[What you should do] Repeat the records below exactly, leaving out every picture.

Dataset records
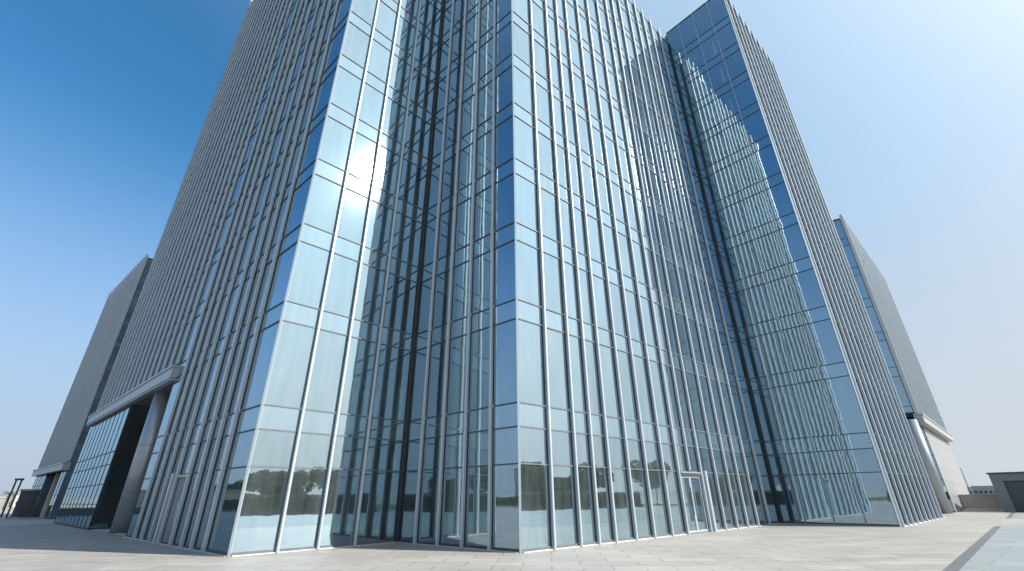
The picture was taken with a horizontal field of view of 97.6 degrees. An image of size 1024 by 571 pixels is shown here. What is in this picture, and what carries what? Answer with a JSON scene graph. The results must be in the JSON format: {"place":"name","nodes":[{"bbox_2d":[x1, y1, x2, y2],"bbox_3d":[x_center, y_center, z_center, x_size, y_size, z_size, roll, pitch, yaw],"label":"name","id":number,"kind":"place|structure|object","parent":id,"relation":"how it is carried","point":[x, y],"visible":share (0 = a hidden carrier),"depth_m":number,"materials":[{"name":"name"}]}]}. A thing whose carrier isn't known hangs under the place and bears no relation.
{"place":"outdoors","nodes":[
{"label":"outdoors","id":0,"kind":"place"},
{"bbox_2d":[0,498,6,505],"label":"town house","id":1,"kind":"structure","parent":0,"point":[2,501],"depth_m":234.93,"materials":[{"name":"stone"}]},
{"bbox_2d":[8,494,19,506],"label":"town house","id":2,"kind":"structure","parent":0,"point":[15,500],"depth_m":186.88,"materials":[{"name":"ceramic"}]},
{"bbox_2d":[54,0,944,556],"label":"office building","id":3,"kind":"structure","parent":0,"point":[518,276],"depth_m":24.01,"materials":[{"name":"blue glass"}]},
{"bbox_2d":[162,478,185,541],"bbox_3d":[-13.924,9.238,18.505,1.160,2.360,0.109,-21,-32,37],"label":"service door","id":4,"kind":"structure","parent":3,"relation":"in","point":[168,529],"depth_m":18.56,"materials":[{"name":"metal"}]},
{"bbox_2d":[681,476,708,532],"bbox_3d":[8.670,10.395,21.391,2.000,2.435,0.127,20,-32,-37],"label":"door","id":5,"kind":"structure","parent":3,"relation":"in","point":[692,491],"depth_m":21.46,"materials":[{"name":"clear glass"}]},
{"bbox_2d":[0,509,1023,570],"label":"plaza paving","id":6,"kind":"structure","parent":0,"point":[34,544],"depth_m":14.04,"materials":[{"name":"grey stone"}]},
{"bbox_2d":[2,491,15,509],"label":"palm tree","id":7,"kind":"object","parent":6,"relation":"on","point":[7,497],"visible":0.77,"depth_m":106.08,"materials":[{"name":"green plant"}]},
{"bbox_2d":[0,478,24,518],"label":"twin pole lamp","id":8,"kind":"object","parent":6,"relation":"on","point":[12,502],"visible":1,"depth_m":50.38,"materials":[{"name":"metal"}]},
{"bbox_2d":[11,489,36,516],"bbox_3d":[-61.691,28.113,58.047,3.640,3.120,4.240,22,-33,-39],"label":"slate hut","id":9,"kind":"object","parent":6,"relation":"on","point":[26,497],"visible":0.27,"depth_m":56.22,"materials":[{"name":"grey stone"}]},
{"bbox_2d":[18,506,32,516],"bbox_3d":[-57.109,26.492,52.596,1.000,1.190,0.800,22,-33,-39],"label":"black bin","id":10,"kind":"object","parent":6,"relation":"on","point":[24,511],"visible":1,"depth_m":52.37,"materials":[{"name":"black metal"}]},
{"bbox_2d":[28,254,152,518],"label":"fin clad wing","id":11,"kind":"structure","parent":6,"relation":"on","point":[52,473],"depth_m":56.20,"materials":[{"name":"grey metal"}]},
{"bbox_2d":[833,214,968,513],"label":"fin clad wing","id":12,"kind":"structure","parent":6,"relation":"on","point":[933,437],"depth_m":45.89,"materials":[{"name":"grey metal"}]},
{"bbox_2d":[942,526,1000,570],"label":"paving border","id":13,"kind":"object","parent":6,"relation":"on","point":[960,561],"visible":1,"depth_m":13.00,"materials":[{"name":"stone"}]},
{"bbox_2d":[958,494,1002,509],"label":"terrace wall","id":14,"kind":"structure","parent":6,"relation":"on","point":[980,501],"depth_m":43.36,"materials":[{"name":"concrete"}]},
{"bbox_2d":[986,471,1023,511],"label":"kiosk","id":15,"kind":"object","parent":6,"relation":"on","point":[1008,488],"visible":0.99,"depth_m":39.10,"materials":[{"name":"grey concrete"}]},
{"bbox_2d":[0,0,1023,495],"label":"sky","id":16,"kind":"structure","parent":0,"point":[908,115],"materials":[{"name":"blue"}]},
{"bbox_2d":[971,486,995,493],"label":"town house","id":17,"kind":"structure","parent":0,"point":[983,489],"depth_m":235.65,"materials":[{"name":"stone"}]},
{"bbox_2d":[959,526,1023,570],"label":"green paving","id":18,"kind":"structure","parent":0,"point":[1001,548],"depth_m":12.73,"materials":[{"name":"stone"}]},
{"bbox_2d":[1011,512,1023,517],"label":"green paving","id":19,"kind":"structure","parent":0,"point":[1018,514],"depth_m":32.81,"materials":[{"name":"stone"}]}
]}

[Solution below]
The picture was taken with a horizontal field of view of 97.6 degrees. An image of size 1024 by 571 pixels is shown here. What is in this picture, and what carries what? Answer with a JSON scene graph. The results must be in the JSON format: {"place":"name","nodes":[{"bbox_2d":[x1, y1, x2, y2],"bbox_3d":[x_center, y_center, z_center, x_size, y_size, z_size, roll, pitch, yaw],"label":"name","id":number,"kind":"place|structure|object","parent":id,"relation":"how it is carried","point":[x, y],"visible":share (0 = a hidden carrier),"depth_m":number,"materials":[{"name":"name"}]}]}. A thing whose carrier isn't known hangs under the place and bears no relation.
{"place":"outdoors","nodes":[
{"label":"outdoors","id":0,"kind":"place"},
{"bbox_2d":[0,498,6,505],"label":"town house","id":1,"kind":"structure","parent":0,"point":[2,501],"depth_m":234.93,"materials":[{"name":"stone"}]},
{"bbox_2d":[8,494,19,506],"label":"town house","id":2,"kind":"structure","parent":0,"point":[15,500],"depth_m":186.88,"materials":[{"name":"ceramic"}]},
{"bbox_2d":[54,0,944,556],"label":"office building","id":3,"kind":"structure","parent":0,"point":[518,276],"depth_m":24.01,"materials":[{"name":"blue glass"}]},
{"bbox_2d":[162,478,185,541],"bbox_3d":[-13.924,9.238,18.505,1.160,2.360,0.109,-21,-32,37],"label":"service door","id":4,"kind":"structure","parent":3,"relation":"in","point":[168,529],"depth_m":18.56,"materials":[{"name":"metal"}]},
{"bbox_2d":[681,476,708,532],"bbox_3d":[8.670,10.395,21.391,2.000,2.435,0.127,20,-32,-37],"label":"door","id":5,"kind":"structure","parent":3,"relation":"in","point":[692,491],"depth_m":21.46,"materials":[{"name":"clear glass"}]},
{"bbox_2d":[0,509,1023,570],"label":"plaza paving","id":6,"kind":"structure","parent":0,"point":[34,544],"depth_m":14.04,"materials":[{"name":"grey stone"}]},
{"bbox_2d":[2,491,15,509],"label":"palm tree","id":7,"kind":"object","parent":6,"relation":"on","point":[7,497],"visible":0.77,"depth_m":106.08,"materials":[{"name":"green plant"}]},
{"bbox_2d":[0,478,24,518],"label":"twin pole lamp","id":8,"kind":"object","parent":6,"relation":"on","point":[12,502],"visible":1,"depth_m":50.38,"materials":[{"name":"metal"}]},
{"bbox_2d":[11,489,36,516],"bbox_3d":[-61.691,28.113,58.047,3.640,3.120,4.240,22,-33,-39],"label":"slate hut","id":9,"kind":"object","parent":6,"relation":"on","point":[26,497],"visible":0.27,"depth_m":56.22,"materials":[{"name":"grey stone"}]},
{"bbox_2d":[18,506,32,516],"bbox_3d":[-57.109,26.492,52.596,1.000,1.190,0.800,22,-33,-39],"label":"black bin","id":10,"kind":"object","parent":6,"relation":"on","point":[24,511],"visible":1,"depth_m":52.37,"materials":[{"name":"black metal"}]},
{"bbox_2d":[28,254,152,518],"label":"fin clad wing","id":11,"kind":"structure","parent":6,"relation":"on","point":[52,473],"depth_m":56.20,"materials":[{"name":"grey metal"}]},
{"bbox_2d":[833,214,968,513],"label":"fin clad wing","id":12,"kind":"structure","parent":6,"relation":"on","point":[933,437],"depth_m":45.89,"materials":[{"name":"grey metal"}]},
{"bbox_2d":[942,526,1000,570],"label":"paving border","id":13,"kind":"object","parent":6,"relation":"on","point":[960,561],"visible":1,"depth_m":13.00,"materials":[{"name":"stone"}]},
{"bbox_2d":[958,494,1002,509],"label":"terrace wall","id":14,"kind":"structure","parent":6,"relation":"on","point":[980,501],"depth_m":43.36,"materials":[{"name":"concrete"}]},
{"bbox_2d":[986,471,1023,511],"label":"kiosk","id":15,"kind":"object","parent":6,"relation":"on","point":[1008,488],"visible":0.99,"depth_m":39.10,"materials":[{"name":"grey concrete"}]},
{"bbox_2d":[0,0,1023,495],"label":"sky","id":16,"kind":"structure","parent":0,"point":[908,115],"materials":[{"name":"blue"}]},
{"bbox_2d":[971,486,995,493],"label":"town house","id":17,"kind":"structure","parent":0,"point":[983,489],"depth_m":235.65,"materials":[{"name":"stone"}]},
{"bbox_2d":[959,526,1023,570],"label":"green paving","id":18,"kind":"structure","parent":0,"point":[1001,548],"depth_m":12.73,"materials":[{"name":"stone"}]},
{"bbox_2d":[1011,512,1023,517],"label":"green paving","id":19,"kind":"structure","parent":0,"point":[1018,514],"depth_m":32.81,"materials":[{"name":"stone"}]}
]}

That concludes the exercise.